## [What to produce]
Look through the lines below and extract any with the word "whole".

## [Supplied records]
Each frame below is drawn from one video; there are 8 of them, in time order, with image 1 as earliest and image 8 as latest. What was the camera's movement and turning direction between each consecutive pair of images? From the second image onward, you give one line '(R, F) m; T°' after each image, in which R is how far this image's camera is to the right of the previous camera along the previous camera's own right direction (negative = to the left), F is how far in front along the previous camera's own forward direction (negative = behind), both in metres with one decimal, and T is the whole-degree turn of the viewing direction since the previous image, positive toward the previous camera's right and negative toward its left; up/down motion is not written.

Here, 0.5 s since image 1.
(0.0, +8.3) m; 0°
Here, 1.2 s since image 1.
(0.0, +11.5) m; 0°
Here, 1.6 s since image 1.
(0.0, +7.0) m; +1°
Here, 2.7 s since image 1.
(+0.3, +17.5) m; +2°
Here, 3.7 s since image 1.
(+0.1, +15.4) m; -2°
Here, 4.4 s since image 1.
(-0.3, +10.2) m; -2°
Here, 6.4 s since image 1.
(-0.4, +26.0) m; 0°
* * *
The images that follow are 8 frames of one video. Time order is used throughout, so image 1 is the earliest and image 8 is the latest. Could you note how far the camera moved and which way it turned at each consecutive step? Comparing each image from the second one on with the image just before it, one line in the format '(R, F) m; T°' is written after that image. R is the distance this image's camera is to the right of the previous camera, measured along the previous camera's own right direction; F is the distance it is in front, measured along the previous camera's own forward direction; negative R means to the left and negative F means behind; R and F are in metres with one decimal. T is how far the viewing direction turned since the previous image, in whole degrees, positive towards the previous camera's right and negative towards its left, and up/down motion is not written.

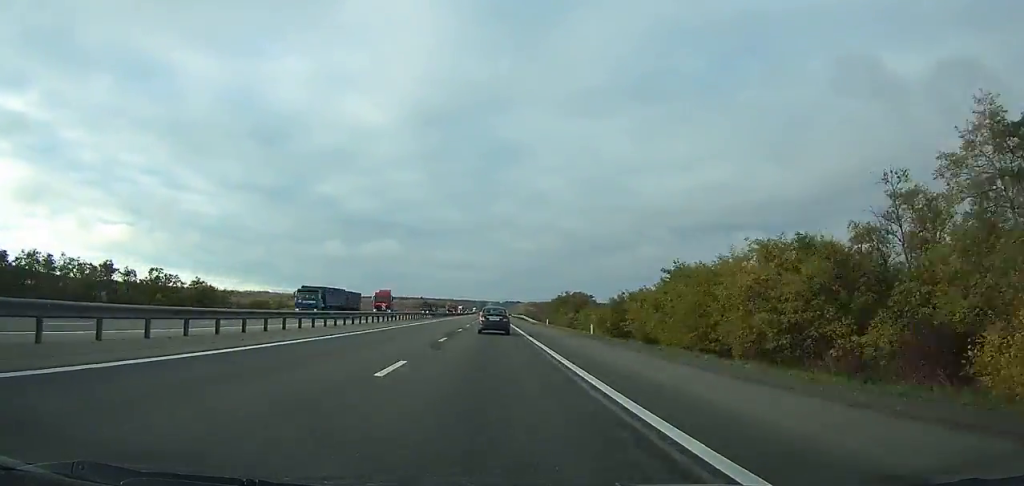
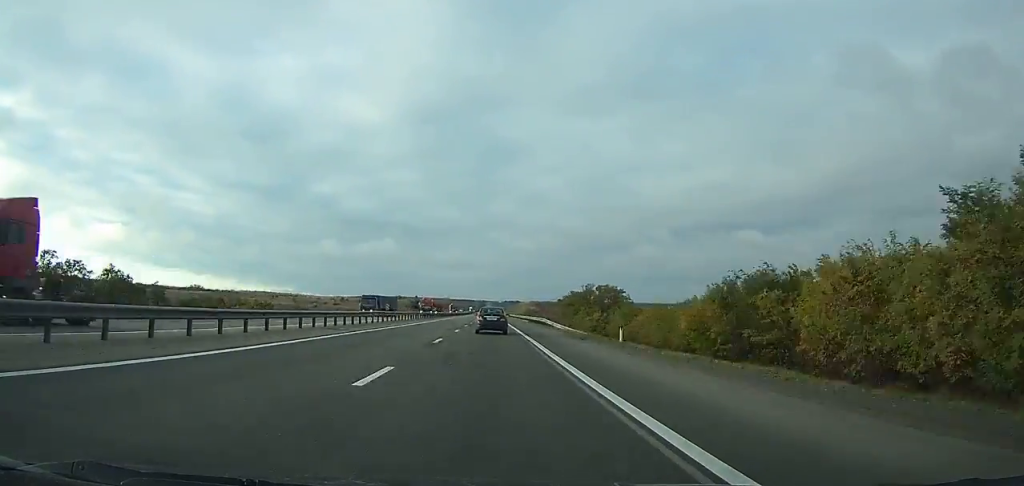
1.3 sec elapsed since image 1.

## [Answer below]
Each frame below is drawn from one video; there are 8 of them, in time order, with image 1 as earliest and image 8 as latest. What was the camera's movement and turning direction between each consecutive pair of images? From the second image onward, you give one line '(R, F) m; T°' after each image, in which R is how far this image's camera is to the right of the previous camera along the previous camera's own right direction (negative = to the left), F is how far in front along the previous camera's own forward direction (negative = behind), both in metres with one decimal, and T is the whole-degree turn of the viewing direction since the previous image, positive toward the previous camera's right and negative toward its left; up/down motion is not written.
The images that follow are 8 frames of one video. Time order is used throughout, so image 1 is the earliest and image 8 is the latest. Could you note how far the camera moved and which way it turned at each consecutive step? Comparing each image from the second one on with the image just before it, one line in the format '(R, F) m; T°' is written after that image. R is the distance this image's camera is to the right of the previous camera, measured along the previous camera's own right direction; F is the distance it is in front, measured along the previous camera's own forward direction; negative R means to the left and negative F means behind; R and F are in metres with one decimal. T is how far the viewing direction turned since the previous image, in whole degrees, positive towards the previous camera's right and negative towards its left, and up/down motion is not written.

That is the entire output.